Friday, September 7, 2012

Would a Reusable Falcon Hurt SpaceX?

What happens if SpaceX is successful at achieving its Falcon reusability goals.  Here is the video of SpaceX’s plans to recover and reuse the majority of its Falcon launch system.


Let me make some assumptions about a Reusable Falcon (R-Falcon) to make my point that such a system may pose challenges for SpaceX.

On the surface, an R-Falcon would be great.  If my assumptions below are accurate, only $16M per flight, a flight every 30 days, only two thousand dollars per KG.  From a consumer perspective this would be great!  SpaceX is adding reusability to the large rockets they already have.  And they will probably be successful at it.  They do seem to achieve what they put their mind to, however, could there be an easier road to reusability?  Let’s explore the possibility.  First what could a large reusable system like SpaceX’s look like (dollars values in millions)?

  
I am still amazed we can’t build Saturn V’s today.  We built them before.  We went to the moon in them for goodness sake!  We knew how to build them…why don’t we know now?  Two major reasons:
  1. We don’t have the tooling/plans – long since destroyed or lost
  2. We don’t have the knowledge – the NASA/contractor engineers have retired/passed away
 Surely such a reusable system like the R-Falcon could avoid these Saturn-V pitfalls…right?  If you look at the table above you see I estimated SpaceX builds eight initial R-Falcons.  This high number addresses the unknowns about number of flights per R-Falcons.  Will it really be 10 flights per vehicle as I estimate?  And how long will it take technicians to refurbish and integrate the next payload? 6 weeks?  8 weeks?  With flights every month and 6-8 week refurbish and integration windows, multiple R-Falcons will be needed.

So here is the problem.

After the initial push to develop the R-Falcon fleet, at the usage rates outlined in the table, you would NOT NEED TO BUILD another R-Falcon for 6.5 years!

So SpaceX could avoid throwing away their tooling (unlike the Saturn V), but could they keep a knowledgeable team around ready to build the next R-Falcon 6.5 years after the first fleet was completed?

And even if you believe eight R-Falcons in the initial fleet is too many and want to reduce the fleet size, demand rates of one per month means SpaceX would only need to make approximately one R-Falcon per year to keep up with demand.  Not exactly mass production – 1 vehicle per year.  Can you keep the production team “sharp” on 1 vehicle per year?

How can it be, as a consumer, I love the R-Falcon (yay $2k per KG), but as a business, could the R-Falcon be a bad way to prove a reusable launch vehicle?  Could the R-Falcon launch too much payload and launch too infrequently?

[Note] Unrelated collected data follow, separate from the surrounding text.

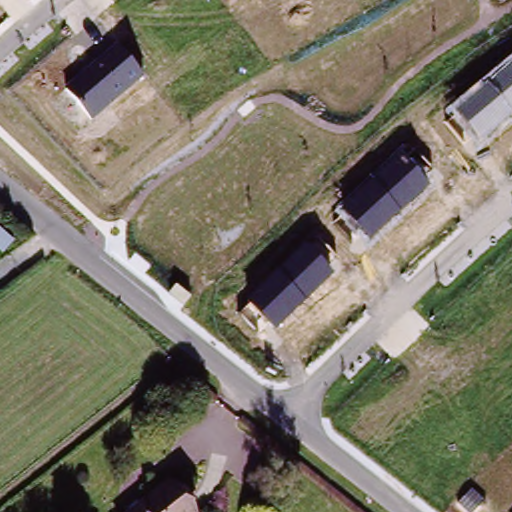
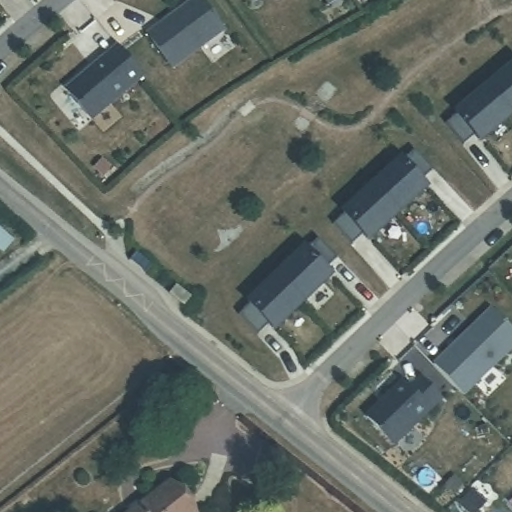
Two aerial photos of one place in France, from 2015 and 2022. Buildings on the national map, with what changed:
new [(201,0),(224,30),(172,68),(147,34),(192,0),(201,0)]
unchanged [(116,47),(143,76),(91,120),(67,89),(116,47)]
unchanged [(512,59),(512,116),(478,144),(451,109),(512,59)]
unchanged [(399,154),(431,186),(370,241),(341,206),(399,154)]
unchanged [(306,247),(333,274),(275,330),(251,299),(306,247)]
new [(512,331),(512,347),(464,394),(434,364),(490,309),(512,331)]
new [(405,385),(412,392),(423,381),(443,402),(397,448),(368,419),(405,385)]
unchanged [(161,486),(180,512),(128,512),(161,486)]

Let’s talk about an alternate business approach that could address some of these challenges.  I said above that my hypothetical R-Falcon has two problems:
  •  Launching too much payload
  • Launching too infrequently
How could a new hypothetical company do reusable launch better?  What if you launch less mass but launch more often?  So let’s make up a hypothetical launch system – the “Kinglet.”  Since this is a business blog, let’s not get bogged down into the technical details except that instead of launching 7,000KG per flight, the Kinglet will launch 100KG.  And instead of paying the R-Falcon’s $5M for range access per flight, the Kinglet pays $200K per flight for its range or range-like services (airport, spaceport, other?).  Here is the table for such a system (dollars values in millions).


The Kinglet is a smaller launch system but aims for a higher flight rate, targeting weekly flights instead the R-Falcon’s monthly flight rate.  As a potential customer, I do not like the 10x higher price I pay to use Kinglet ($20K per KG vice the Falcon’s $2K).  But flying weekly may be attractive to some customers.  Overall though, this appears to be bad for customers (most customers could wait a month to fly).  But from a business perspective, all things being equal, a small reusable launch system like Kinglet has a much higher probability of success because it starts small.

Where the Falcon struggled to keep its production line open with only one new vehicle per year, the Kinglet will need to produce five systems per year to keep up with demand.  Now five launch vehicles per year is still not mass production, but those volumes will, not only keep the production team sharp, but provide five times the opportunities to roll in product and production improvements into the newer vehicles than would be possible on the R-Falcon production line.

Could a smaller reusable system avoid R-Falcon's hidden pitfalls?  Maybe.

So the last question to ask is, what needs to be launched at least weekly with a mass of under 100KG?